Our Year of Maybe
Liz clutches my arm. “I want to hear everything.”
“She can keep it private if she wants to,” Montana says. “Sophie, I don’t need the details, but I’m really happy for you.”
“After school?” I ask Liz, and she grins.
When it’s time for the assembly, we paint Gs on one cheek and Os on the other, tie green ribbons in our hair. My piece is part of our repertoire now. We dance it first, starting out with the hand claps, alternating between the old and the new, the vintage and the modern.
At the end, we rip the ribbons from our hair and stomp on them, and the crowd roars.
After the assembly, Principal Martinez gives us the rest of the day off. Montana asks us to hang back for a quick dance team meeting, during which she mentions a couple changes in our practice schedule now that it’s basketball season. By the time we’re done, everyone’s cleared out of the gym.
Everyone except Peter.
He’s standing near the locker room entrance, waiting for me. I grin even bigger when I see him because his hair is all messy, like he’s been raking his hands through it. The light catches his bracelet, the one that matches mine.
My teammates retreat to the locker room, leaving Peter and me alone with the janitor, cleaning up the bleachers where people left scraps of paper and chip bags and silver and green confetti.
“Hi,” I say when I get close to him. I am suddenly so, so nervous. Saturday night plays through my mind in flashes: skin against skin, the determined desperation in his eyes. It almost makes me blush now.
His smile is sheepish. “You guys were great. As always,” he adds, though it’s only the second time he’s seen us.
“Thanks.”
I expect him to reach for my hand, pull me in for a kiss. I let mine drop to my sides as though indicating to him that he can grab one at any time. But he seems as nervous as I am. Maybe he’s not ready for public displays of affection quite yet. That’s okay—we can learn that together.
I shouldn’t be so anxious about touching him, so I inch closer. I reach my arms around his neck, which feels sort of awkward, like he wasn’t expecting it and isn’t sure how to make his body fit into mine. Then, as we hug, I brush my lips against his cheek, the corner of his mouth.
“This . . . is all really new to me,” I say.
He nods.
“We can take this as slow as you want. Well. I guess it’s already gone kind of fast. . . .” I trail off, laughing a little. Peter blushes.

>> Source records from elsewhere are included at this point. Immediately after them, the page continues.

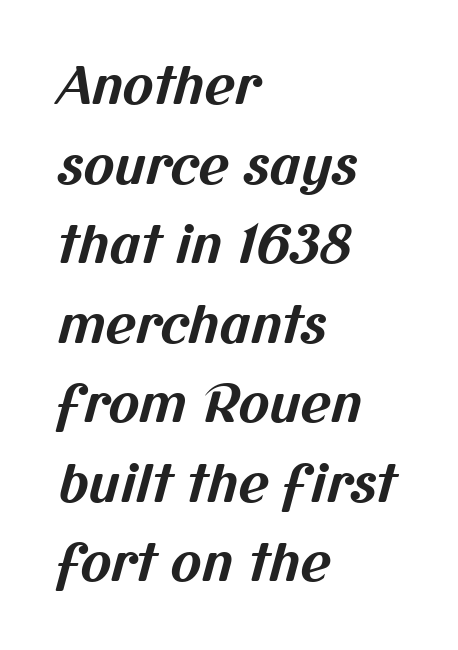
Q: Is the text bold? A: Yes.
Q: Is the typeface a serif or a sans-serif typeface? A: Sans-serif.
Q: Is the text underlined? A: No.
Q: How is the paragraph aligned? A: Left-aligned.
Q: Is the spacing between letters normal or unusually wide? A: Normal.
Q: Is the spacing between lines tight, normal or loose? A: Normal.
Q: Width (condensed, normal, or wide)? A: Normal.
Q: Stroke contrast? A: Medium.
Q: x-height? A: Medium.
Q: Monospaced? A: No.

God, I love it when he does that. “But we don’t have to tell our parents right away. I mean, I can’t imagine they’d be anything but happy for us, but . . .”

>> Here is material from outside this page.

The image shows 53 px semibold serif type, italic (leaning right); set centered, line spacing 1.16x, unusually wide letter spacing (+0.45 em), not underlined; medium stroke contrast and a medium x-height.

He blinks at me a few times, like I am a piece of classic literature he is trying to interpret. A song he is trying to memorize. I have always admired Peter’s passions. He’s always had so many of them, and I wanted so badly to be one of them. Aren’t I now? What we did Saturday night—what was that if not passion?
“Sophie,” he says quietly, unable to meet my eyes n
ow. “I—there are some things I need to say.”
My sunshine smile slips right off my face. Slowly I back up, as though Peter is a wild, unpredictable animal. No. There’s no way. Not after all these years, not after I finally got what I wanted.
“Say them, then.” My voice is not my voice. It’s chalky and shallow and belongs to someone whose heart is about to be broken.
But he can’t. He glances between the floor and the banners of sports awards that hang from the ceiling, but not at me.
“Is everything okay? With the kidney?” I’m grasping here. There’s something wrong with me that for a split second I hope that’s what this is. That it’s health-related, not heart-related.
The kidney. As though, even after all these months, it doesn’t wholly belong to either of us.
“Yeah,” he says quickly. “Yeah, I’m fine. The kidney . . . It’s fine. This . . . It’s obviously complicated. Especially after what happened on Saturday. I just—it kills me to say this, Soph, but we can’t be together. Not the way you want to be. And I’m so, so sorry. I wish it could be different. I wish—”
We can’t be together.
Except that’s not it, not quite. It’s that he can’t be with me.
“You do?” I interrupt. “You really wish it could be different? We had a chance to make it different on Saturday night. We made it different. So don’t apologize to me when you’re the one, yet again, getting exactly what you want.”
His face is pinched. Uncomfortable. He doesn’t have control over this conversation.